# In Ceiling, In Wall, or Towers



## Jer-Bear20 (Jan 25, 2010)

Hey Everyone,

I'm rebuilding my home theater system and I'm looking for some suggestions on speakers. I have a few things in mind and have some pretty basic knowledge of speakers and what I'm looking to do. I'm setting up a 5.1 surround and currently only have the sub. For rears, I know that I'm going to be going with in-ceiling speakers. I'm looking at either the Martin Logan Helos 100 or the Speakercraft AIM8Three. Both of these are inceiling pivoting speakers. 

The front and center is where i'm looking for help. I have the ability to do tower speakers and understand that the quality cannot necassarily be matched when comparing to in wall or in ceiling. If I were to do towers, I've looked specifically at the Definitive 7004 towers and the Martin Logan purities. Of course these are two completely different types of speakers, but that's what I've looked at so far. If I wanted to keep that same quality of speaker, is it possible to do in ceiling or in walls? My room is approximately 15 x 25 and I'm sitting against the back wall when watching tv. Let me know your thoughts on what type of speakers and I'm certainly willing to look at any other speakers you have suggestions on. Thanks


----------



## dyohn (Apr 17, 2008)

There are several options for in-walls. There are also many good options for on-wall systems. One disadvantage of in-walls is they limit your flexibility to reconfigure the room should you need to, and one big advantage of them is in a front projection theater it is easier to use three matching systems for the front channels and place them behind an acoustically transparent screen.


----------



## Jungle Jack (Jul 28, 2009)

Hello,
I agree completely with David. I would definitely avoid In Wall Speakers on your front 3 channels if using a Screen. I use Martin Logan's and absolutely love them. The Purity would be a fine idea. 
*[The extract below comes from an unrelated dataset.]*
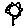
Label: flower
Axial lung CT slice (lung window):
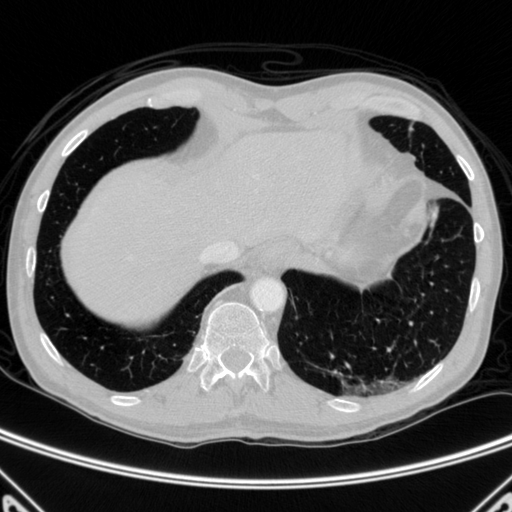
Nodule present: no

I would recommend auditioning as many Speakers as possible. The ones you mentioned are quite good and there are many other great Speakers out there as well.
Cheers,
JJ


----------



## Matteo (Jul 12, 2006)

Jack, I think I missed the boat? It sounded like David was saying he thought the benefit of using in-walls is the ability to place 3 exact speaker behind a perforated screen. Did I read this wrong. This is a benefit. You can also do this with towers if you have the room behind the screen to do so. Typically you will pay more for an in-wall, or in-ceiling speaker that performs as well as a free standing speaker. I have heard many good in-walls. I would avoid in-ceiling if you can help it. 
So, in short, you CAN get similar quality in-wall speakers, but you will probably pay more for them. I doubt you will find any in-ceilings you can afford for a simlilar price that sound as good as the towers. As far as the two brands of speakers, pick which one sounds best to you. If they both sound equal, buy the cheaper pair. Good luck.
Roly


----------



## Jungle Jack (Jul 28, 2009)

Hello,
If behind a Screen, you could setup 3 tower speakers for your front stage. In Wall speakers do not sound as good as free standing speakers. While some might sound good, freestanders will sound better,
Cheers,
JJ


----------



## palette (Mar 1, 2010)

I am just building my system and went with Speakercraft as well, I did the in walls in the front and did Ceiling speakers for the back sides and Center, I am only using a 60" Plasma but set up the in walls to be wide enough for a 100" drop screen.


----------



## lsiberian (Mar 24, 2009)

palette said:


> I am just building my system and went with Speakercraft as well, I did the in walls in the front and did Ceiling speakers for the back sides and Center, I am only using a 60" Plasma but set up the in walls to be wide enough for a 100" drop screen.


I want to see it in the home theater gallery. Pictures please!


----------